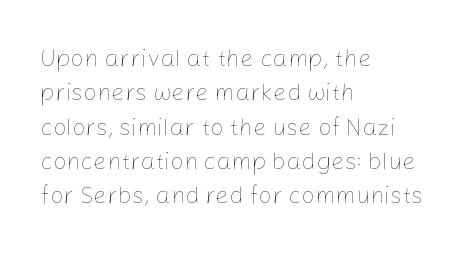
{"italic": "no", "bold": "no", "underline": "no", "align": "left", "line_spacing": "normal", "line_spacing_ratio": 1.43, "letter_spacing": "normal", "letter_spacing_em": 0.0, "glyph_px": 24}
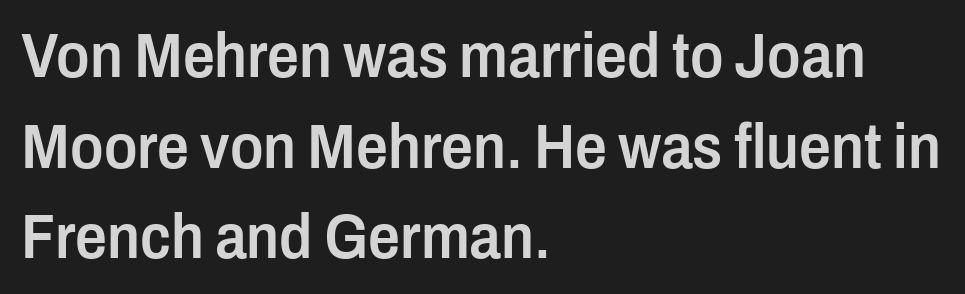
Upright lettering throughout. Each glyph is drawn with semibold strokes, heavier than normal yet not fully bold. Looks like regular typesetting: each glyph gets only the width it needs. Does extra space separate the letters? No, they use regular spacing.
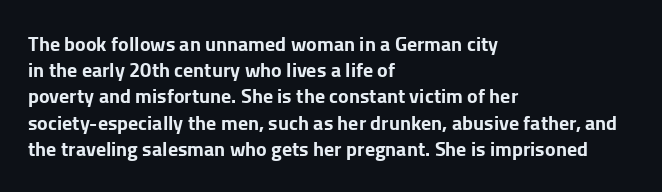
{"italic": "no", "bold": "yes", "underline": "no", "align": "left", "line_spacing": "normal", "line_spacing_ratio": 1.31, "letter_spacing": "normal", "letter_spacing_em": 0.0, "glyph_px": 20}
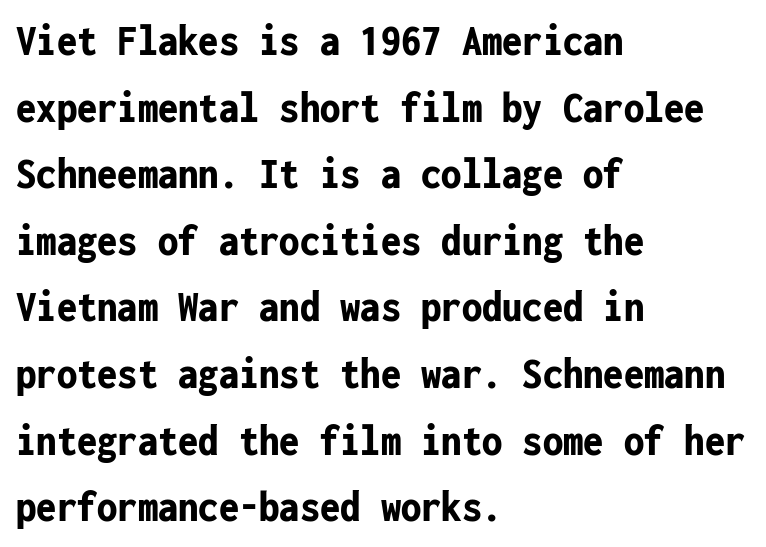
{"serif": "no", "italic": "no", "bold": "yes", "weight": "bold", "width": "condensed", "stroke_contrast": "low", "x_height": "medium", "monospaced": "yes", "underline": "no", "align": "left", "line_spacing": "normal", "line_spacing_ratio": 1.48, "letter_spacing": "normal", "letter_spacing_em": 0.0, "glyph_px": 45}
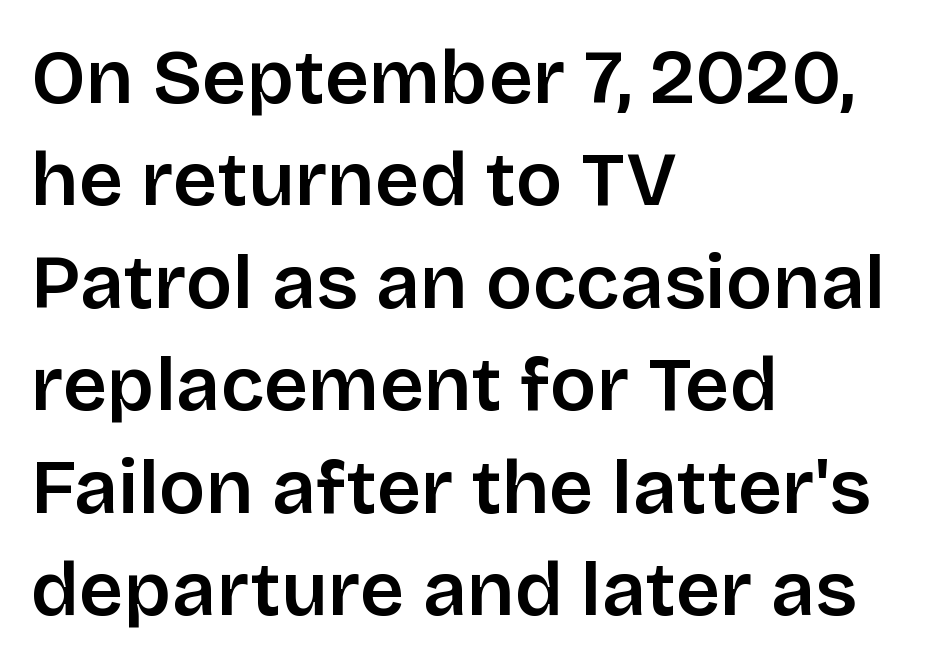
The image shows 77 px semibold sans-serif type, upright; set left-aligned, normal line spacing (1.33x), normal letter spacing, not underlined; low stroke contrast and a large x-height.
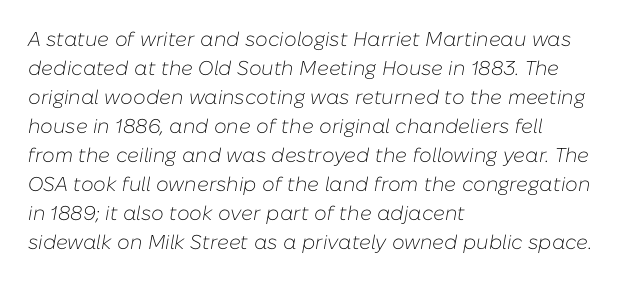
The zone under the glyphs is completely vacant. This rendering uses left alignment, leaving the right contour irregular. Tall strokes in this sample are angled rather than plumb. Weight: in the light-to-regular range.
◆ ◆ ◆ ◆ ◆ ◆ ◆
What you should do> Restate word for word the lines from the line with "The image shows" to the last line of the records above, inclusive, and omit every picture.

Solution for this exercise>
The image shows 77 px semibold sans-serif type, upright; set left-aligned, normal line spacing (1.33x), normal letter spacing, not underlined; low stroke contrast and a large x-height.
The zone under the glyphs is completely vacant. This rendering uses left alignment, leaving the right contour irregular. Tall strokes in this sample are angled rather than plumb. Weight: in the light-to-regular range.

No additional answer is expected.